● Problem to solve: Reproduce the lines from the one holding "Maker: Old Pacific" to the end of the entries. Include both ends and change nothing.

Working data Block Start

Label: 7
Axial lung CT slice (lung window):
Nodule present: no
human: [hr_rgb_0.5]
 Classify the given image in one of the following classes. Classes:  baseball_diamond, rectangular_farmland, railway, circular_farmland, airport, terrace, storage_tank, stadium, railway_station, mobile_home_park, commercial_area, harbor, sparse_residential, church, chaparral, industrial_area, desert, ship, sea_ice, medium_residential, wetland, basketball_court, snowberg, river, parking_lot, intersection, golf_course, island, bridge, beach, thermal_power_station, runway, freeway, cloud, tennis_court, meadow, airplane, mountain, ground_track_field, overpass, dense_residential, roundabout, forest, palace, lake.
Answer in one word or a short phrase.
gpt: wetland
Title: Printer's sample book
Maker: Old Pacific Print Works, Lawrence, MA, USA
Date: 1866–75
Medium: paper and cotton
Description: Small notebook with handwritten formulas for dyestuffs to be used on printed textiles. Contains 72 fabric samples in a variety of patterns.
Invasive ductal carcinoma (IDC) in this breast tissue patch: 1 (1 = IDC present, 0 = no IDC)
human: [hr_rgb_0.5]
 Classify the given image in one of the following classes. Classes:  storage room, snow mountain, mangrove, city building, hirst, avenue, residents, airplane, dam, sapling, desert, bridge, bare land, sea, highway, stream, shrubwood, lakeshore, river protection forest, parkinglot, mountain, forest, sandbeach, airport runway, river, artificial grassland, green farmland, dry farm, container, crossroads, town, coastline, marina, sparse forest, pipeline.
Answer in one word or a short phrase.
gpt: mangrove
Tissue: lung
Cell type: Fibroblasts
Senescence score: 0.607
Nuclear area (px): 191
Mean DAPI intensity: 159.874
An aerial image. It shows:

Working data Block End

● Response for this exercise:
Maker: Old Pacific Print Works, Lawrence, MA, USA
Date: 1866–75
Medium: paper and cotton
Description: Small notebook with handwritten formulas for dyestuffs to be used on printed textiles. Contains 72 fabric samples in a variety of patterns.
Invasive ductal carcinoma (IDC) in this breast tissue patch: 1 (1 = IDC present, 0 = no IDC)
human: [hr_rgb_0.5]
 Classify the given image in one of the following classes. Classes:  storage room, snow mountain, mangrove, city building, hirst, avenue, residents, airplane, dam, sapling, desert, bridge, bare land, sea, highway, stream, shrubwood, lakeshore, river protection forest, parkinglot, mountain, forest, sandbeach, airport runway, river, artificial grassland, green farmland, dry farm, container, crossroads, town, coastline, marina, sparse forest, pipeline.
Answer in one word or a short phrase.
gpt: mangrove
Tissue: lung
Cell type: Fibroblasts
Senescence score: 0.607
Nuclear area (px): 191
Mean DAPI intensity: 159.874
An aerial image. It shows:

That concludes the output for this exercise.